(DATA FOR REVIEW)

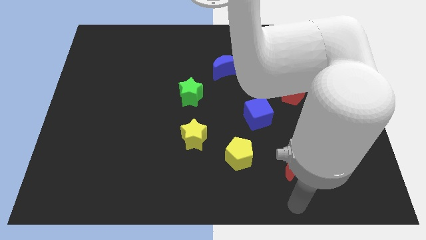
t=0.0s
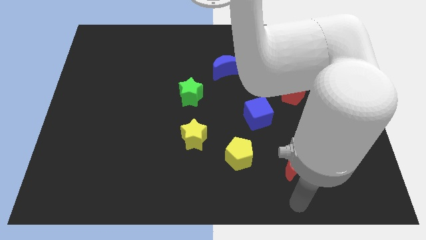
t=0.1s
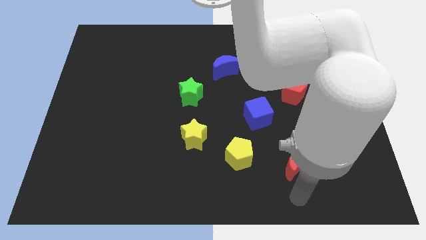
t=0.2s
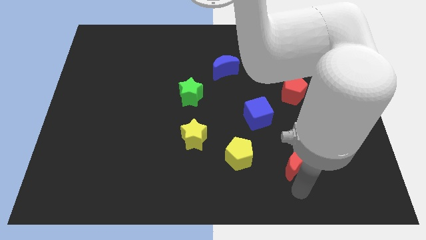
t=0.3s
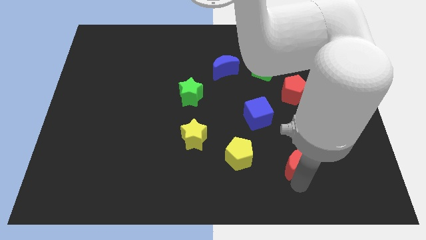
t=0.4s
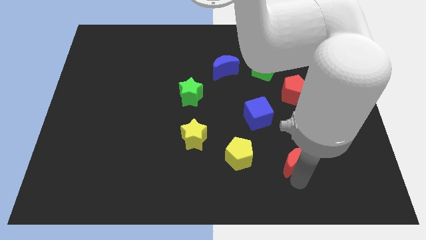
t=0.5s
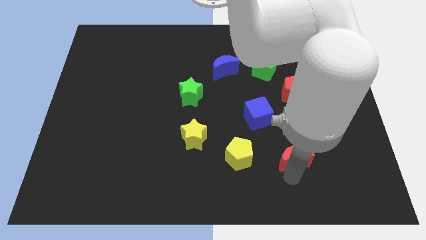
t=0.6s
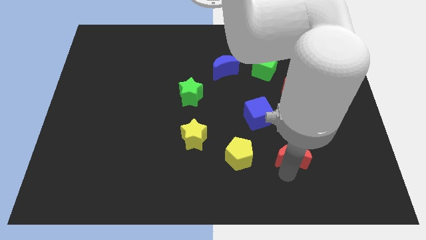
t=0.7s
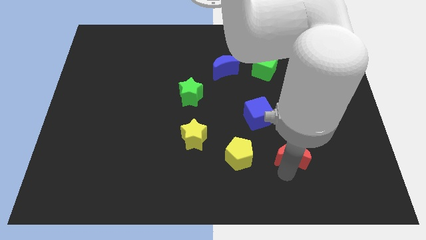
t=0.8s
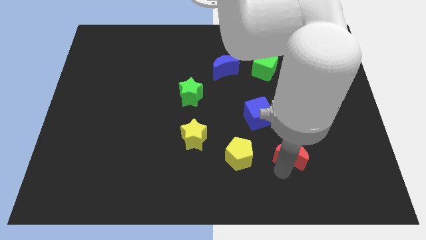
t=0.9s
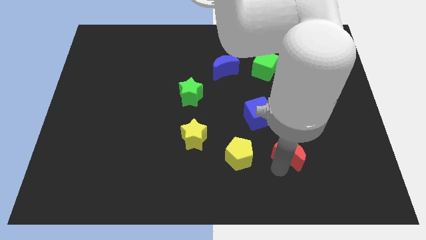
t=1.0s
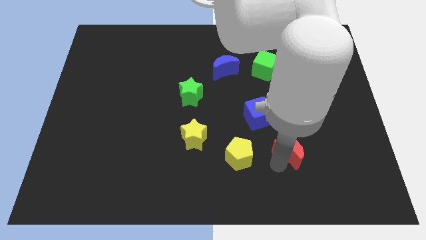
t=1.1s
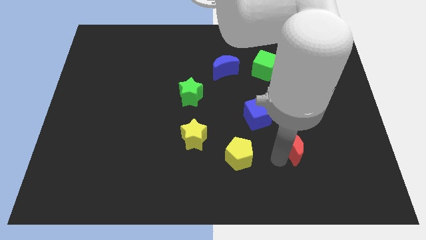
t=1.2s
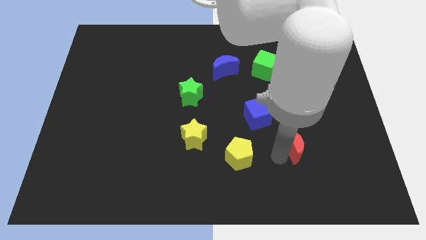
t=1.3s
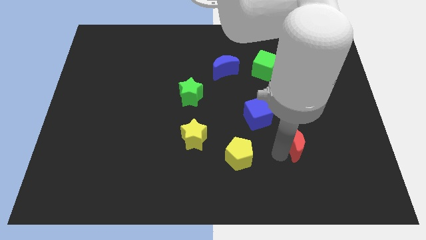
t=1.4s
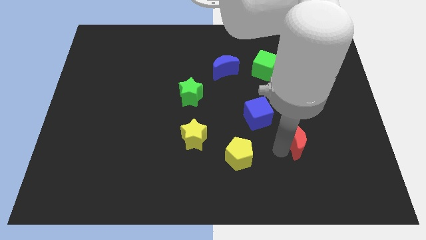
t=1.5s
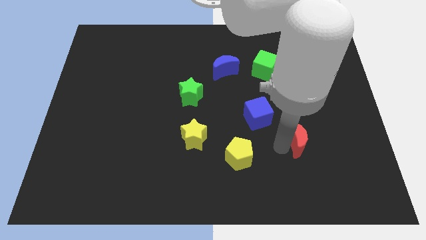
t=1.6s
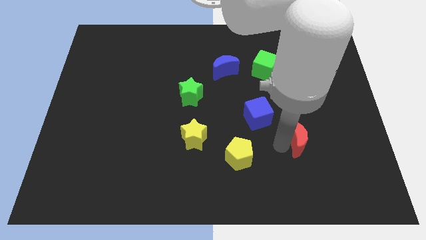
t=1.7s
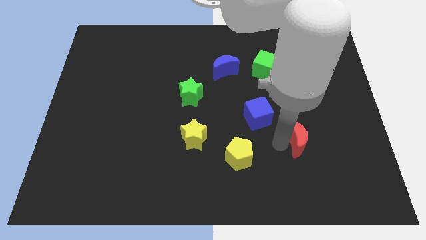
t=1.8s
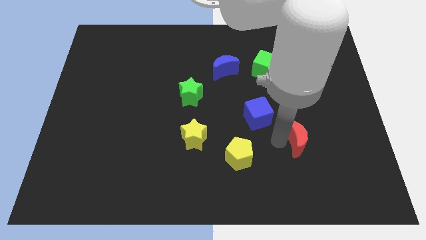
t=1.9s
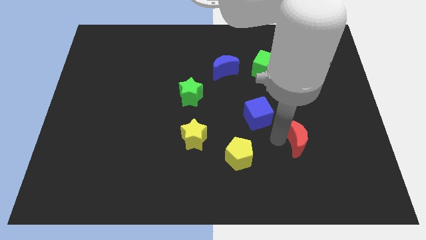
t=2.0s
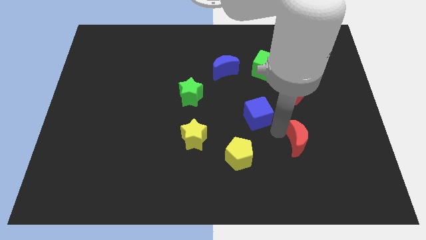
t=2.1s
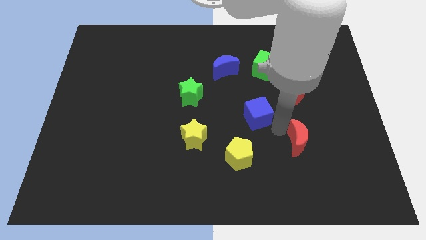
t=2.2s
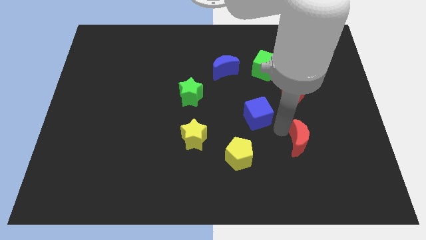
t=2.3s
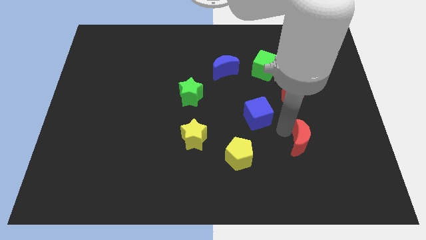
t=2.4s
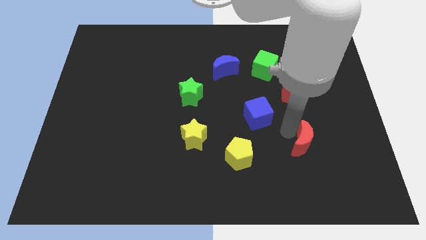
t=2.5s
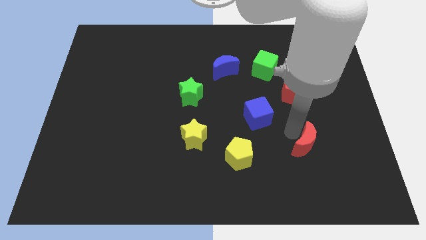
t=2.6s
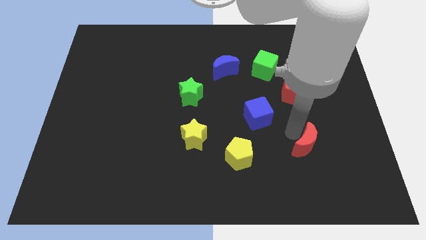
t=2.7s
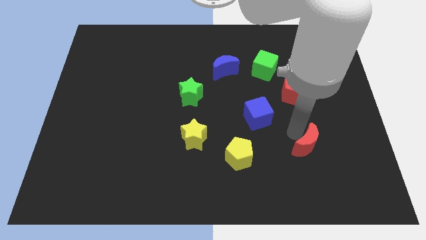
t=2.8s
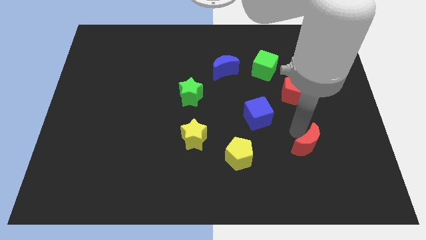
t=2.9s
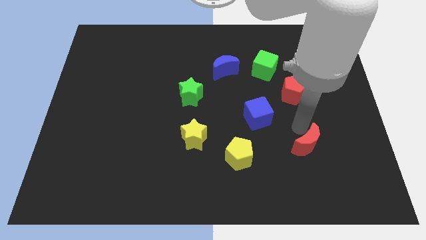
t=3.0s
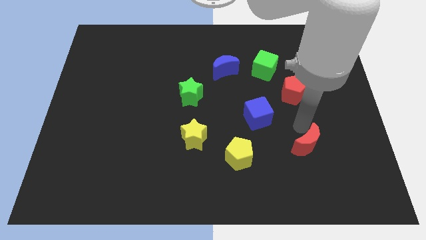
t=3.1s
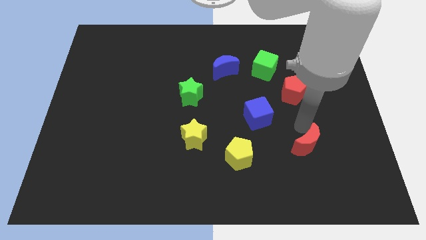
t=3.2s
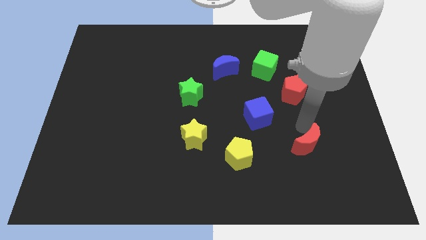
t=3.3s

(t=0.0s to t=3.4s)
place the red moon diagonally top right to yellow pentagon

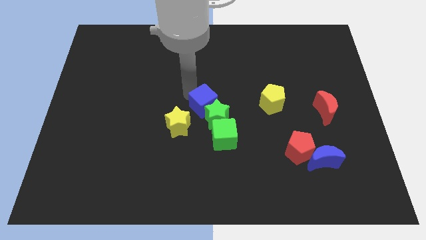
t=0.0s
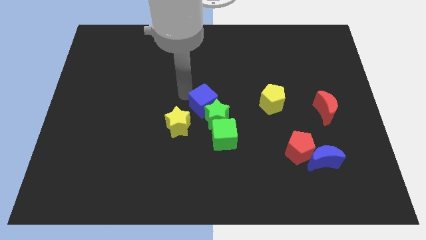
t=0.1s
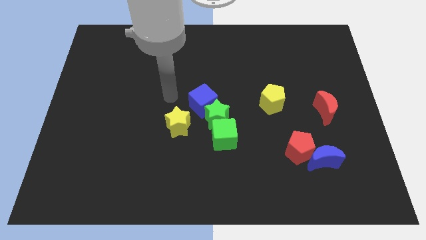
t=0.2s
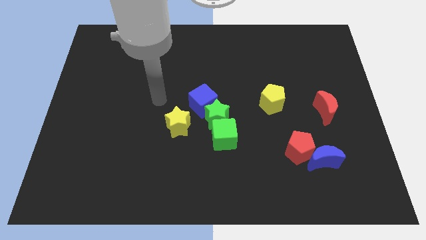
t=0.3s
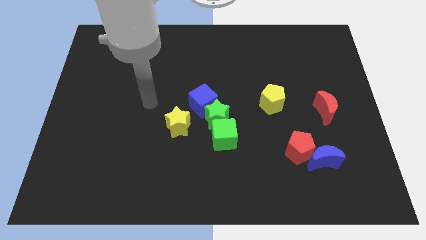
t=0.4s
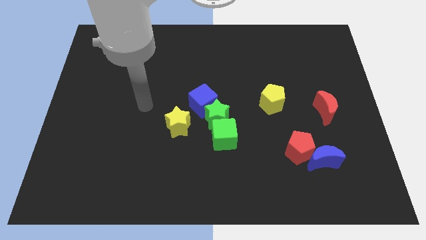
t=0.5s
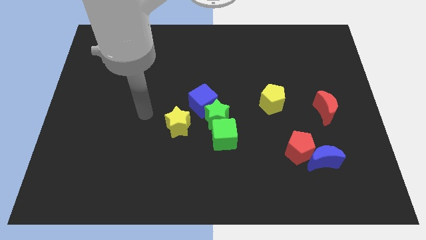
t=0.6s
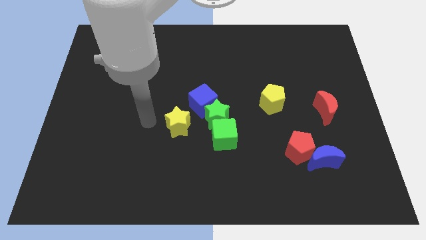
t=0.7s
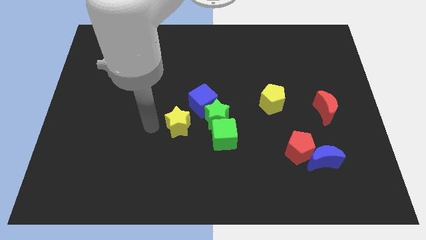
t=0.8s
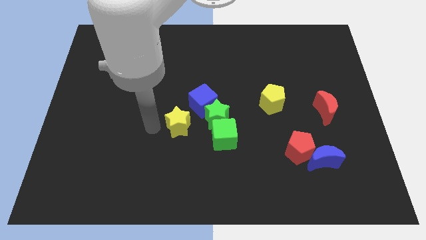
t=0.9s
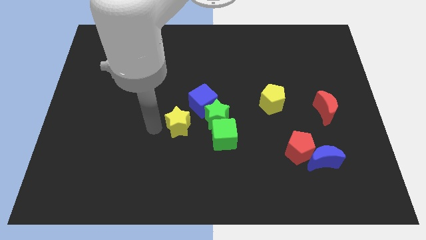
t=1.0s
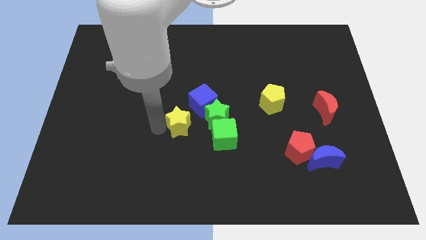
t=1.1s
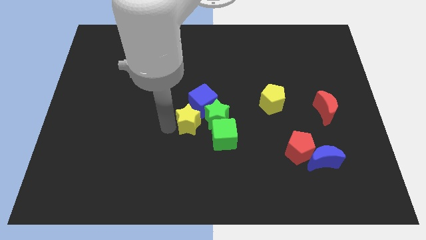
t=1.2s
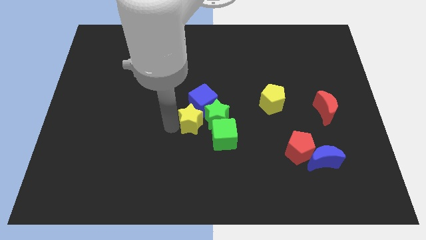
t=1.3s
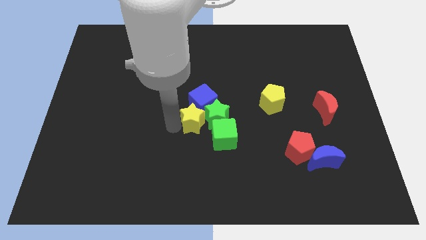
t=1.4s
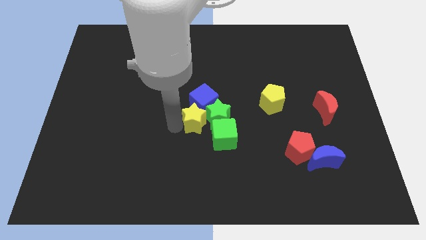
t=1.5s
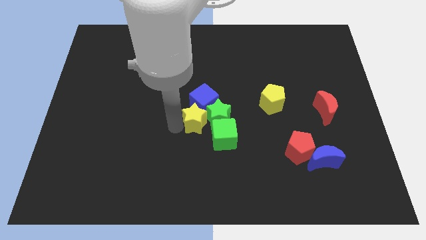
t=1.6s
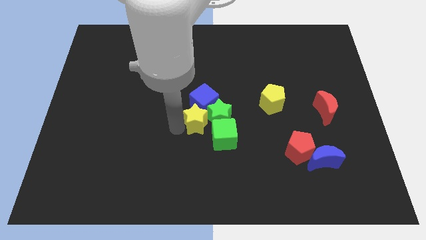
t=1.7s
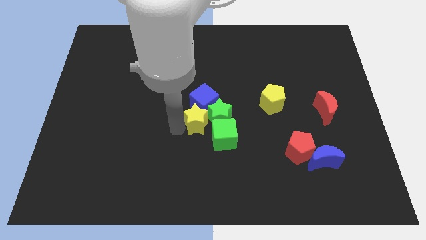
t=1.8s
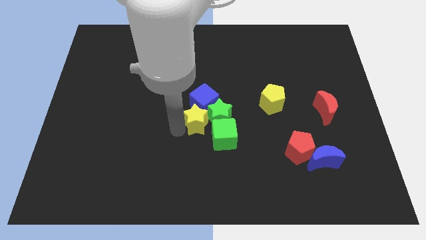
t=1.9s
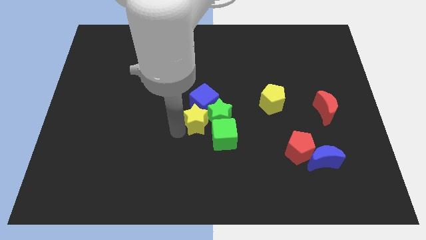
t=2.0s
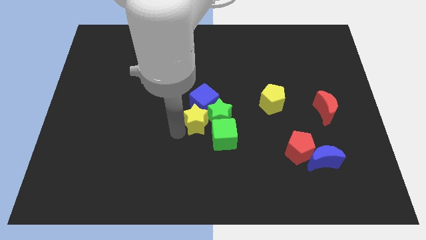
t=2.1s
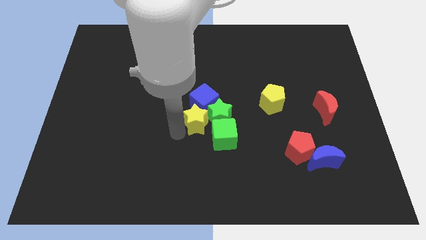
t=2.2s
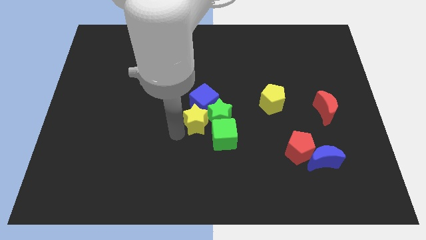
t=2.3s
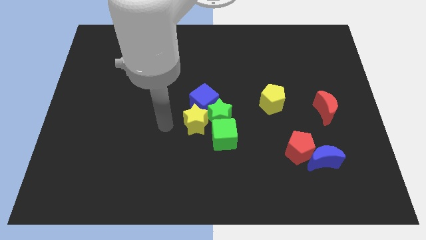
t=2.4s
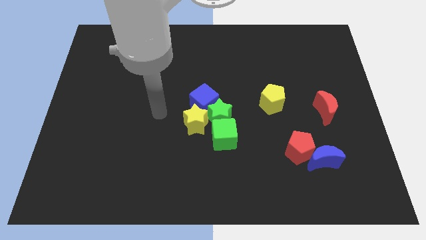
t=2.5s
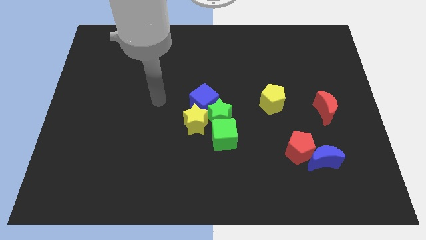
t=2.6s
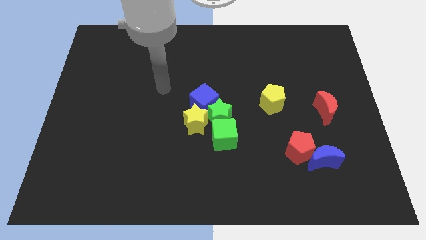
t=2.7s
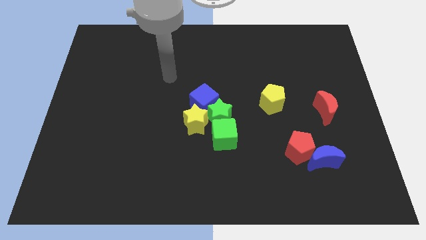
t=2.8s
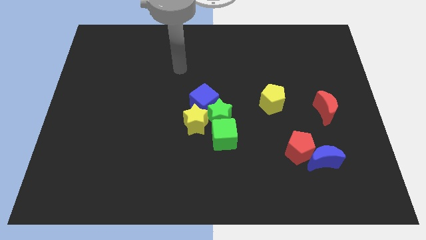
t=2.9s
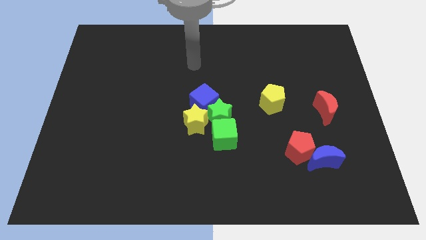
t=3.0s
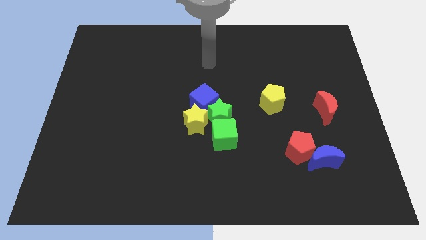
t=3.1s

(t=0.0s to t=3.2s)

(End DATA FOR REVIEW)

DIRECTIONS FOR THIS TASK. In the copy, include no pictures; otherwise transcribe the entries exactly.

ANSWER SECTION.
t=0.0s
t=0.1s
t=0.2s
t=0.3s
t=0.4s
t=0.5s
t=0.6s
t=0.7s
t=0.8s
t=0.9s
t=1.0s
t=1.1s
t=1.2s
t=1.3s
t=1.4s
t=1.5s
t=1.6s
t=1.7s
t=1.8s
t=1.9s
t=2.0s
t=2.1s
t=2.2s
t=2.3s
t=2.4s
t=2.5s
t=2.6s
t=2.7s
t=2.8s
t=2.9s
t=3.0s
t=3.1s
t=3.2s
t=3.3s

(t=0.0s to t=3.4s)
place the red moon diagonally top right to yellow pentagon

t=0.0s
t=0.1s
t=0.2s
t=0.3s
t=0.4s
t=0.5s
t=0.6s
t=0.7s
t=0.8s
t=0.9s
t=1.0s
t=1.1s
t=1.2s
t=1.3s
t=1.4s
t=1.5s
t=1.6s
t=1.7s
t=1.8s
t=1.9s
t=2.0s
t=2.1s
t=2.2s
t=2.3s
t=2.4s
t=2.5s
t=2.6s
t=2.7s
t=2.8s
t=2.9s
t=3.0s
t=3.1s

(t=0.0s to t=3.2s)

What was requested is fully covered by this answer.